Я расхаживал перед заваленным столом Мичелевски. Он то и дело указывал на стул. Но я на него так и не садился.
— Как вы только подумать могли обвинить Бена в преступлении? У него поврежден мозг. У него разум младенца. Марк дал ему зажженную спичку и велел бросить ее. Беном легко манипулировать. Он теряется, когда на него кричат. Он не понимал, что делает.
— Это он сейчас так говорит. Джесперс рассказывает другую историю. И Бен ничего этого не рассказал вчера, когда мы его допрашивали.
— Он испугался. Ему трудно запоминать подробности.
— Или ему просто хочется выбраться и отправиться домой.
Я перестал расхаживать.
— Послушайте. На основании того, что я знаю о своем брате… я не верю, что он лжет. По-моему, у него просто мозгов не хватает, чтобы выдумать ложь. Он не способен даже научиться находить дорогу от остановки автобуса до работы. Два квартала. И вы считаете, он способен сообразить и сказать нечто такое, что возложит в суде обвинения на Марка Джеперса?
— Его освидетельствуют, — сказал Мичелевски. Как будто это было концом всех дел.
— Я переговорю с адвокатом. Вы не имели никакого права допрашивать Бена без присутствия его опекуна. Он, считайте, младенец.
— Откуда мне было знать, что он похож на младенца?
— Это про Бена известно всем и всякому в городе.
Мичелевски откинулся, кресло под ним скрипнуло.
— Я в этих краях новичок.
И только я вознамерился назвать его лжецом (каковым он мог быть, а мог и не быть), как он сказал:
— Вы-то знали. Почему же ничего не сказали? Почему не сказали, что хотели бы присутствовать?
— Вы заявили, что мне нельзя.
— А вы никогда не говорили, что ваш брат умственно неполноценен.

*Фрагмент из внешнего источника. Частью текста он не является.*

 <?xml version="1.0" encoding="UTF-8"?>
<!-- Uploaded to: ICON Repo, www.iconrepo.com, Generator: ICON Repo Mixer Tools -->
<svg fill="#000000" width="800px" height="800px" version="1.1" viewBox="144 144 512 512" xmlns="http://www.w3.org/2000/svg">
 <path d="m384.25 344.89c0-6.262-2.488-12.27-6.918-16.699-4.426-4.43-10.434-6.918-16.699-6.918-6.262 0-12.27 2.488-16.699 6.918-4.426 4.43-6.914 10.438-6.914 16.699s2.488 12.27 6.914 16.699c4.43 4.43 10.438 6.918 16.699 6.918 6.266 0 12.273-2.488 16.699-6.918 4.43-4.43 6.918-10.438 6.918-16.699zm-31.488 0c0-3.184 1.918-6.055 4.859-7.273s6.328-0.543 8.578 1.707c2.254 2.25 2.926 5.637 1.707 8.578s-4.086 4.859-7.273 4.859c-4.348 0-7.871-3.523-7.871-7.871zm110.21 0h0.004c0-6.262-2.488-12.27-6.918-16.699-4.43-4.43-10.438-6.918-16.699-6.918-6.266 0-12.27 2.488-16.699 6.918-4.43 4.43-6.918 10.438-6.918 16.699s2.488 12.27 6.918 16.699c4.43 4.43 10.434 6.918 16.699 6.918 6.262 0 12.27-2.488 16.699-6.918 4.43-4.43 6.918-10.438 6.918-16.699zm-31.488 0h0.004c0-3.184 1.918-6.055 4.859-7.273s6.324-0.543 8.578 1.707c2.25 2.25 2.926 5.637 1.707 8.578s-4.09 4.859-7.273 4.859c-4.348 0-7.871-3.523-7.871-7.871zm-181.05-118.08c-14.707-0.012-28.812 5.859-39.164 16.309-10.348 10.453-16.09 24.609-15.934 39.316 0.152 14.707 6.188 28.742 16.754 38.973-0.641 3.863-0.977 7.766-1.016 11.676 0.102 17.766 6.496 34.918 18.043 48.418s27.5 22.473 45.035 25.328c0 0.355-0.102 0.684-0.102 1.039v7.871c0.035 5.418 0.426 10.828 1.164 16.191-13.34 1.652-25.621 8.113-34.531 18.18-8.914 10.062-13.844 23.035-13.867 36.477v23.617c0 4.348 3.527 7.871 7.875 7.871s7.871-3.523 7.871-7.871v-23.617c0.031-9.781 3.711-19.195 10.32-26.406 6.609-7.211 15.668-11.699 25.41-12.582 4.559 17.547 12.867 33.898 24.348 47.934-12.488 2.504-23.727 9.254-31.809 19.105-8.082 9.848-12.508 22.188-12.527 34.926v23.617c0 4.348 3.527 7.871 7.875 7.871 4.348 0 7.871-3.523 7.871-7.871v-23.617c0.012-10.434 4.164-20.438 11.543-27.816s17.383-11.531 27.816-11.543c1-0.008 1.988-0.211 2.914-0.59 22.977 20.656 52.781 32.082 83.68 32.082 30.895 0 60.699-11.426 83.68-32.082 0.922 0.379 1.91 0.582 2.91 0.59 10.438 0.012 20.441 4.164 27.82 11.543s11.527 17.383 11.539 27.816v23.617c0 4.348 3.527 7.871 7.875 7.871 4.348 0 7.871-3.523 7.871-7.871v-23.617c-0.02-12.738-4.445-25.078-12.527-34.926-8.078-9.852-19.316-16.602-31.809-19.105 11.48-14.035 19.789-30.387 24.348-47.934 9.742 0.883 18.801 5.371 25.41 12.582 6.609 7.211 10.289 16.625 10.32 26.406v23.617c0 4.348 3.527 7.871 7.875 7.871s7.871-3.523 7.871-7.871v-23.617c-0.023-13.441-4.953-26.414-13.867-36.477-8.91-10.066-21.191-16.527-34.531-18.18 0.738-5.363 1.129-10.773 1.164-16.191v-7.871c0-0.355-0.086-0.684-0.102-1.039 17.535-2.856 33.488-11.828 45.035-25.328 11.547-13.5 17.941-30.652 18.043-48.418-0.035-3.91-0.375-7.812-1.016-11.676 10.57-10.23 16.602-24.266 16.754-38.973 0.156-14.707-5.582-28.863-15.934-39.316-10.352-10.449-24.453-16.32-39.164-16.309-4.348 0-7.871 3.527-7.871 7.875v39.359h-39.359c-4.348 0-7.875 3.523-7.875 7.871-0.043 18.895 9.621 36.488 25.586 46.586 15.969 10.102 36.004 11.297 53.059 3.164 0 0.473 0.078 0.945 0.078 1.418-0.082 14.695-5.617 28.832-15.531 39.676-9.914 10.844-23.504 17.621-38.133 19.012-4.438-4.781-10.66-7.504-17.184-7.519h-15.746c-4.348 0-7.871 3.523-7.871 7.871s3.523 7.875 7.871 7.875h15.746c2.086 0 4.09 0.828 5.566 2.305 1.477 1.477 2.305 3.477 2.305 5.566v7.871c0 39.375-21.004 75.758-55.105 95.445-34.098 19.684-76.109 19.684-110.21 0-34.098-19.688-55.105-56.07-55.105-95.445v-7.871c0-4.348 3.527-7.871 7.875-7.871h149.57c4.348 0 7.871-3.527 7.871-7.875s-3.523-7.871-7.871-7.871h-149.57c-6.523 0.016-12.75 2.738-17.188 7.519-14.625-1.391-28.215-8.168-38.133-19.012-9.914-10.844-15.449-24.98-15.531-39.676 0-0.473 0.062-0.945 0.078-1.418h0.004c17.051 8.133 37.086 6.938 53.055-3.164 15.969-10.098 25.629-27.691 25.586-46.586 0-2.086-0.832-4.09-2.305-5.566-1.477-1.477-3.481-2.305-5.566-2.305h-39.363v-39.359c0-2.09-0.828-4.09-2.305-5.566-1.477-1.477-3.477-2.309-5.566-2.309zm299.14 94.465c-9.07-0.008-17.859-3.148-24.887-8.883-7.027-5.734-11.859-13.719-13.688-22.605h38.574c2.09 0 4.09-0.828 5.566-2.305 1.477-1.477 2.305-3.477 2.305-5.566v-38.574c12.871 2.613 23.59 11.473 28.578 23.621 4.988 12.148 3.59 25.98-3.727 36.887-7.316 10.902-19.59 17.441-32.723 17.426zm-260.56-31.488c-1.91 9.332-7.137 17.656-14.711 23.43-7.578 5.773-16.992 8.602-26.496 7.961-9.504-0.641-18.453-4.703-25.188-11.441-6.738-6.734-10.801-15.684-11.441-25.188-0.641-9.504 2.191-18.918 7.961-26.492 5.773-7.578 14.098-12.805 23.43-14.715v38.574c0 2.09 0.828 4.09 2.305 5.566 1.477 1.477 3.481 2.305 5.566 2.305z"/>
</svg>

Вздохнув, я тяжело пустился на деревянную скамью. Коп был прав. Моя вина. Почему я не настоял? Упрямый, тупоголовый отказ допустить, что Бена могут заподозрить. Я знал, что он был не причастен, и ожидал, что всем вокруг это тоже известно.
— Ладно, — сказал я, — его освидетельствуют. И это значит…
— Возможно, назначат слушания по поводу вменяемости.
— И, если… то есть, я хочу сказать, когда его признают невменяемым?
— Вероятно, его переведут в больницу штата.
— Надолго?
— Это может зависеть от разных вещей. В худшем случае… для него… до тех пор, пока не решат, что он не представляет опасности ни себе, ни другим.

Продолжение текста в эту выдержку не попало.